I have read many articles stating that the maximal matching of a bipartite graph can be found using max flow algorithm. But there is a possibility that the matching we get from max flow is not maximal or the matching does not have maximum edges.
Example taken from Competitive Programming Handbook by Anti Laaksonen:
But if I present the graph in a different manner such that the graph now is:
Then as the algorithm of max flow progresses the matching would be 1----5, 2----7
because 1 simply erases path to the sink but if it would have gone for the edge 1----6 then the matching could have been
1----6, 3----5, 4----7
I was with you up until this point:
Then as the algorithm of max flow progresses the matching would be 1----5, 2----7
What you're describing here isn't actually a maximum flow in the graph. We could push more flow across by sending a unit of flow from 1 to 6, a unit of flow from 2 to 7, and a unit of flow from 3 to 5.
Reading over your question, I think the reason you ended up with the (non-maximum) flow rather than a maximum flow is because of this statement:
because 1 simply erases path to the sink
From what you're describing here, I'm assuming you're using something like the Ford-Fulkerson algorithm to compute the maximum flow: find an augmenting path from the source to the sink and push flow across it. But Ford-Fulkerson also has a second step here: after pushing flow across an edge, we introduce a residual edge in the reverse direction of the flow pushed. This gives the opportunity to "undo" the decision we made in the event that we find a better path.
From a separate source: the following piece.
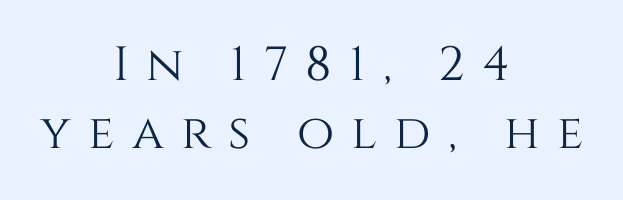
The image shows 48 px text type, upright; set centered, normal line spacing (1.42x), unusually wide letter spacing (+0.36 em), not underlined; medium stroke contrast and a large x-height.

As a result, after we push a unit of flow from 1 -- 5, we add in a residual edge from 5 back to 1 with a single unit of capacity. That means that the graph now looks like this:
Here, edges in teal flow from s toward t, and edges in purple flow from t back toward s.
Notice that we can "undo" our decision to assign 1 to 5 as follows. Push a unit of flow on the path
s → 3 → 5 → 1 → 6 → t
to give this flow network:
Now, pushing one more unit of flow on the path
s → 2 → 7 → t
gives the overall matching 1 -- 6, 2 -- 7, 3 -- 5, which is a maximum matching.